Entries taken from a collection |
********

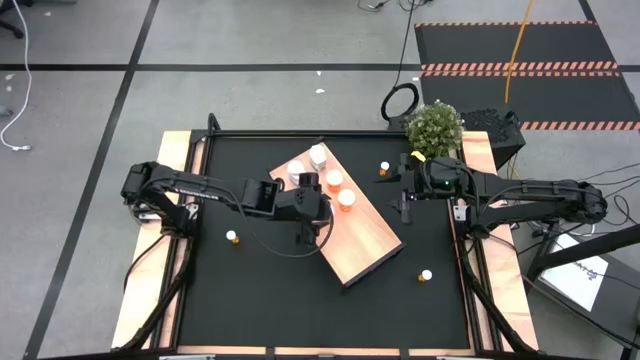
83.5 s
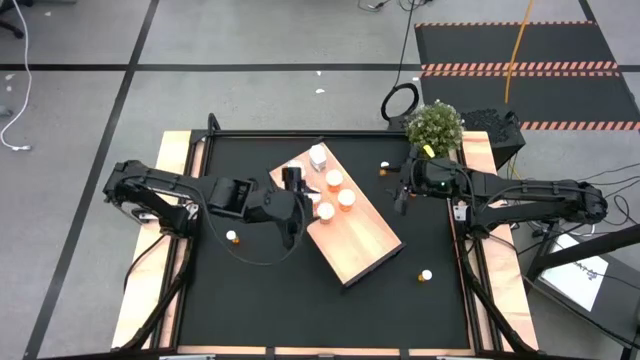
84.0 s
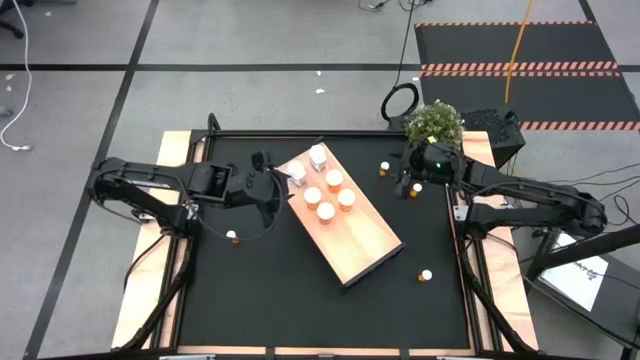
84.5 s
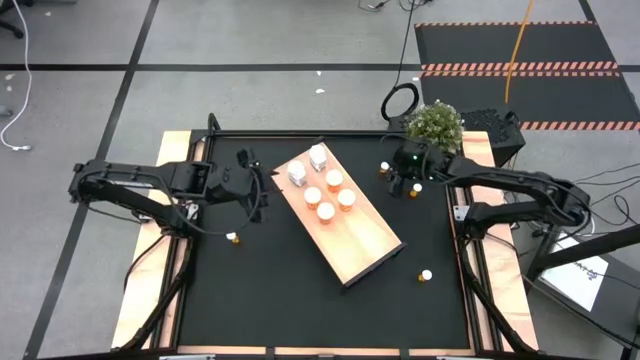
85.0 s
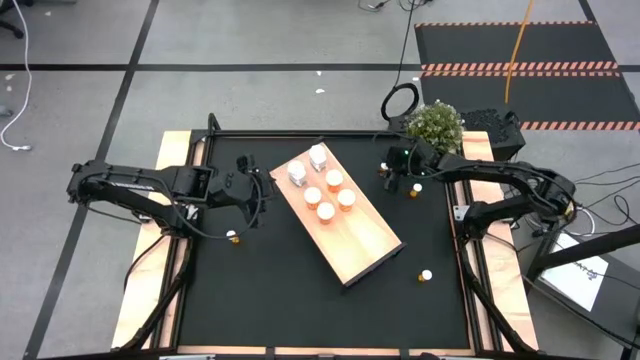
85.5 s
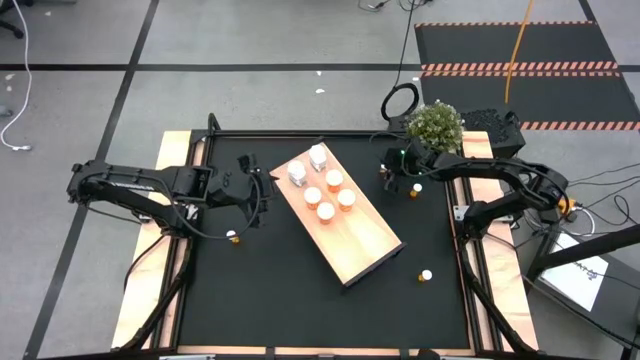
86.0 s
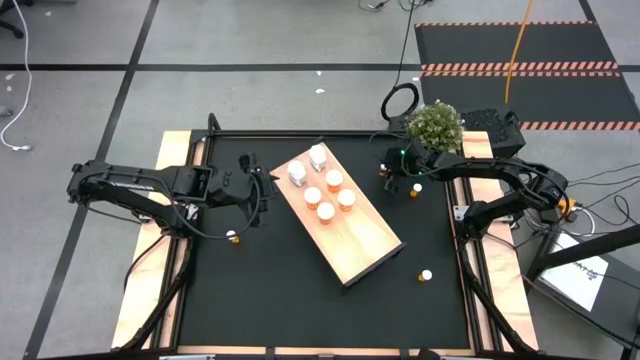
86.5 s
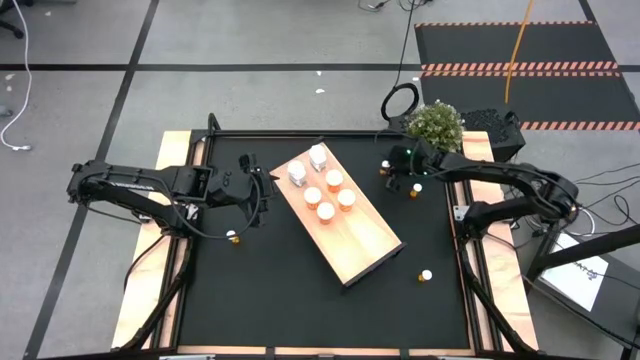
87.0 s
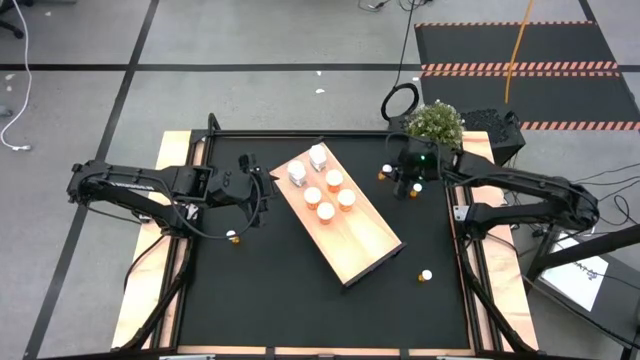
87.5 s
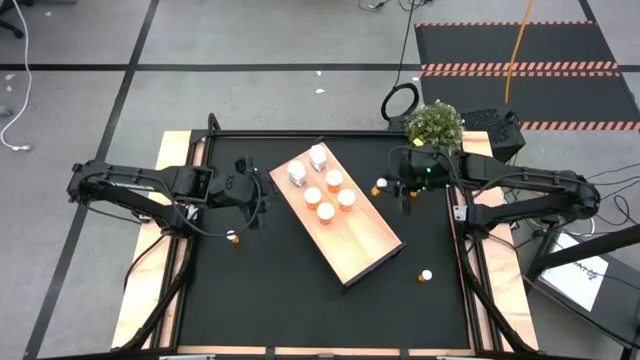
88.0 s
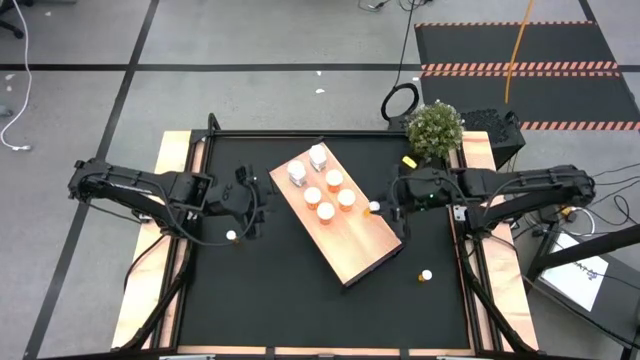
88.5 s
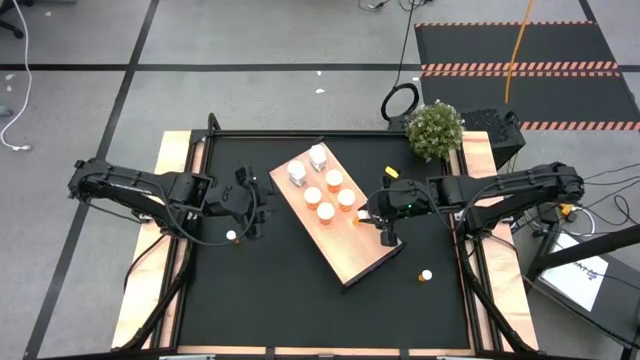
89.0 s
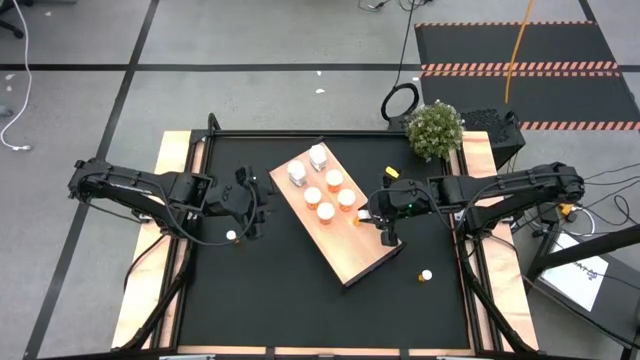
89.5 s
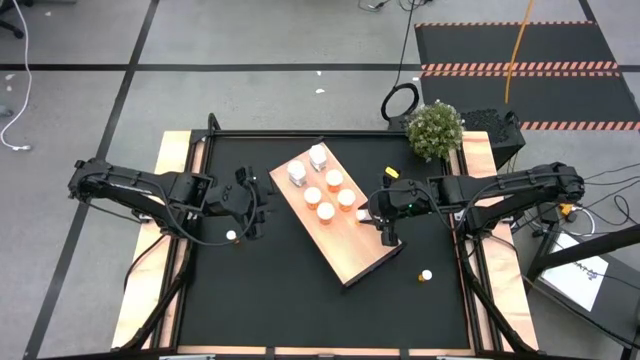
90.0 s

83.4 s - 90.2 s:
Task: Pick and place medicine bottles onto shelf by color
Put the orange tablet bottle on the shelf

********

Activity |
Without including any pictures, reproduce the data exactly.

Written solution |
83.5 s
84.0 s
84.5 s
85.0 s
85.5 s
86.0 s
86.5 s
87.0 s
87.5 s
88.0 s
88.5 s
89.0 s
89.5 s
90.0 s

83.4 s - 90.2 s:
Task: Pick and place medicine bottles onto shelf by color
Put the orange tablet bottle on the shelf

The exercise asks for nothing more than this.